The role of the HPRT gene in human disease

Abstract

Human HPRT deficiency leads to two major forms of human disease. Partial enzyme deficiency results in gouty arthritis, while an almost complete deficiency leads to the Lesch-Nyhan disease. The latter is characterized by severe neurological dysfunction in addition to gouty arthritis, including retardation, choreoathetosis and aggressive and compulsive self-mutilation. The biochemical basis for the neurological symptoms is not understood. The human and mouse cDNA (RNA copy) genes have been isolated and sequenced. In addition, the amino acid sequence of the human protein has been directly determined. The human and mouse proteins differ at 7 amino acids out of the total, (including the N terminal methionine, which is processed off during maturation) of 218. There are 42 out of 654 nucleotide differences between the human and mouse genes in the amino acid coding region. The mouse genomic structure has been determined. It has 9 exons and 8 introns with a total size of approximately 36 kb. The human gene is very similar with identical intron-exon junction points and approximately the same total gene size. Both mouse and human presumed promotor region at the 5' end, lack a recognizable promotor in the form of a "TATAA" box and are very G-C rich, though not the same. This may be a feature of most "housekeeping" genes.

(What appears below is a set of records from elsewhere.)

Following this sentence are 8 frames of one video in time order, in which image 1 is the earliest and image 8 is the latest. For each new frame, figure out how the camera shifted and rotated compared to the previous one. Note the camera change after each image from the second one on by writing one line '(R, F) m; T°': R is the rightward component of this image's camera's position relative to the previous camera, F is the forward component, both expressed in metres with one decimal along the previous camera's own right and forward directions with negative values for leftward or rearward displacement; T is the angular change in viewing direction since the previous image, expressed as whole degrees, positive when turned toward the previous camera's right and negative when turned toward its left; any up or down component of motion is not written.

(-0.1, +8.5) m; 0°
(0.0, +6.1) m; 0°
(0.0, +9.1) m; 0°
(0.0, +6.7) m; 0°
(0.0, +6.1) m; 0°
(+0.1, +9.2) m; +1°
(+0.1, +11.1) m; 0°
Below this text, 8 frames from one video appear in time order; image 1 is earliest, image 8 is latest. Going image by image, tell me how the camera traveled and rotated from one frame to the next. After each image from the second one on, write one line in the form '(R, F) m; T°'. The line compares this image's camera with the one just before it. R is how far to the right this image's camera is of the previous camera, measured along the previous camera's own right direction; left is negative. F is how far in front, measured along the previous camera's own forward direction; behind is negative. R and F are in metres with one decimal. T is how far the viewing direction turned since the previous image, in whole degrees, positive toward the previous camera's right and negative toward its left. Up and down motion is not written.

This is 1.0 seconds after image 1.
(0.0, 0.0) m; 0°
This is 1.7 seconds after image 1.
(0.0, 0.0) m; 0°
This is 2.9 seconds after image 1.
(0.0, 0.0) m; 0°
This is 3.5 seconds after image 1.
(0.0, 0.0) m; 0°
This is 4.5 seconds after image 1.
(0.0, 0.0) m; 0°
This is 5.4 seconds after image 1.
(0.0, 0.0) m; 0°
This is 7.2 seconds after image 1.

HPRT gene point mutations in three gouty arthritis and one Lesch-Nyhan patient have been identified by peptide sequencing. Six gross gene rearrangements have been identified in Lesch-Nyhan HPRT genes. However it is likely that most mutations are point mutations or small deletions. So far all gene mutations identified are different from all others. The gene has been engineered into retrovirus vehicles which allows its efficient introduction into a wide variety of cells, including mouse marrow stem cells. This may allow treatment of Lesch-Nyhan patients as a model of gene therapy.